(Stored items from a collection)
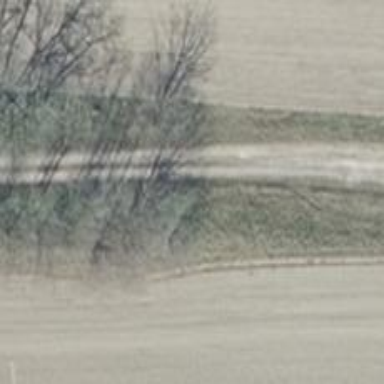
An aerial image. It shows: Row of deciduous broadleaved trees.
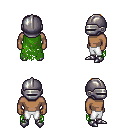
a pixel art fantasy rpg character, male body template, human, dark skin, green tattered cape, white pants, dark blonde short mohawk hairstyle, metal helm, metal boots, four views (front, back, left, right), 2x2 character sprite sheet, small pixel art, hard edges, no anti-aliasing
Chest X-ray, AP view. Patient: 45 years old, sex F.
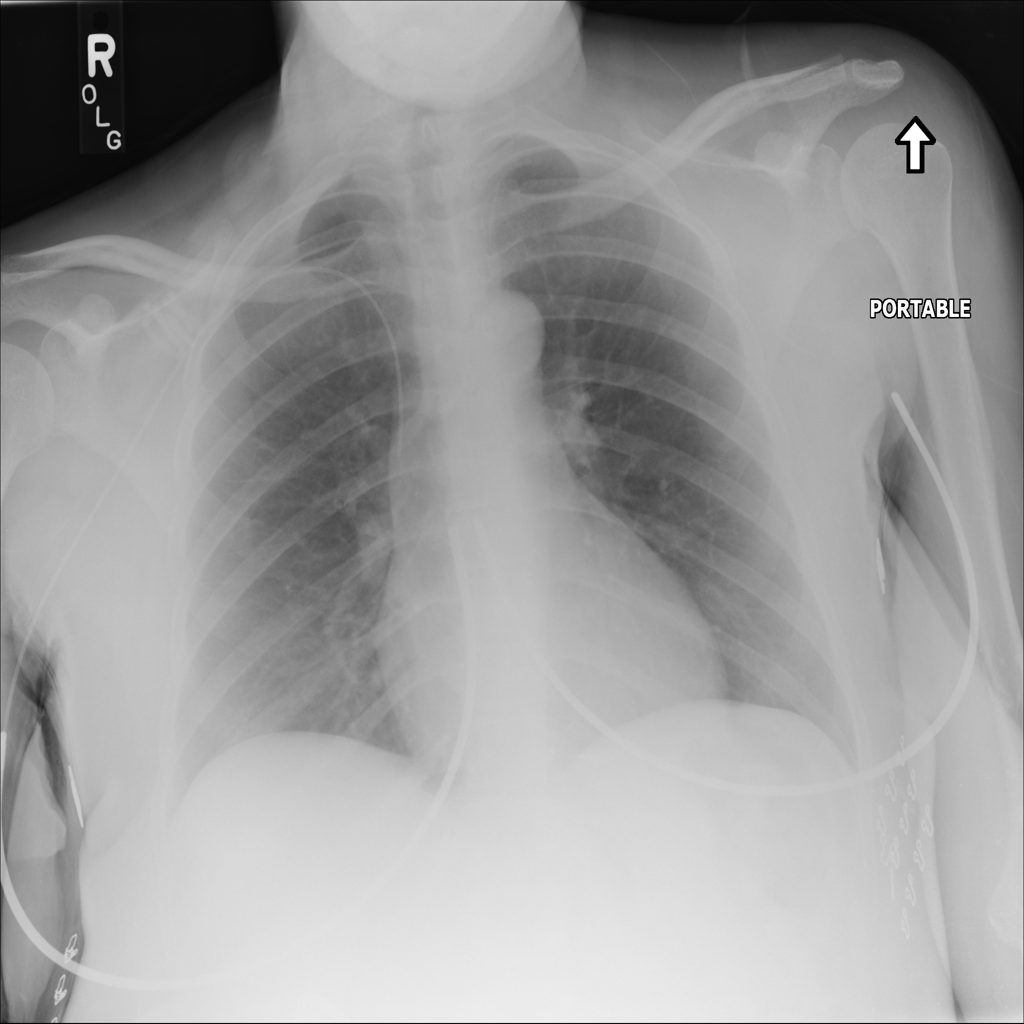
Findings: No Finding
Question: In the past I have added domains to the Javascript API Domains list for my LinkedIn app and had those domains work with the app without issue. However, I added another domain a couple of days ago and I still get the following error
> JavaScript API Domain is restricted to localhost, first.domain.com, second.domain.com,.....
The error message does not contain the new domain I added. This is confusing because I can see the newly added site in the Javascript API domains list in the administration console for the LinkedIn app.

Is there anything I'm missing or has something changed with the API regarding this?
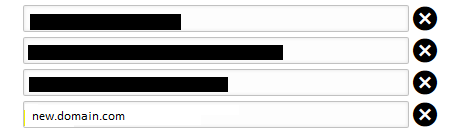
Answer: What was happening is that we were adding the new domain to the Authentication list (in the Authentication tab of the settings page) instead of the JavaScript list. Adding the new domain to the Valid SDK Domains list in the Javascript Settings tab worked as expected.

> [WHAT THIS TASK INVOLVES]: Which lines above contain the word "LinkedIn"? Show each of them.

> [YOUR SOLUTION]:
Question: In the past I have added domains to the Javascript API Domains list for my LinkedIn app and had those domains work with the app without issue. However, I added another domain a couple of days ago and I still get the following error
The error message does not contain the new domain I added. This is confusing because I can see the newly added site in the Javascript API domains list in the administration console for the LinkedIn app.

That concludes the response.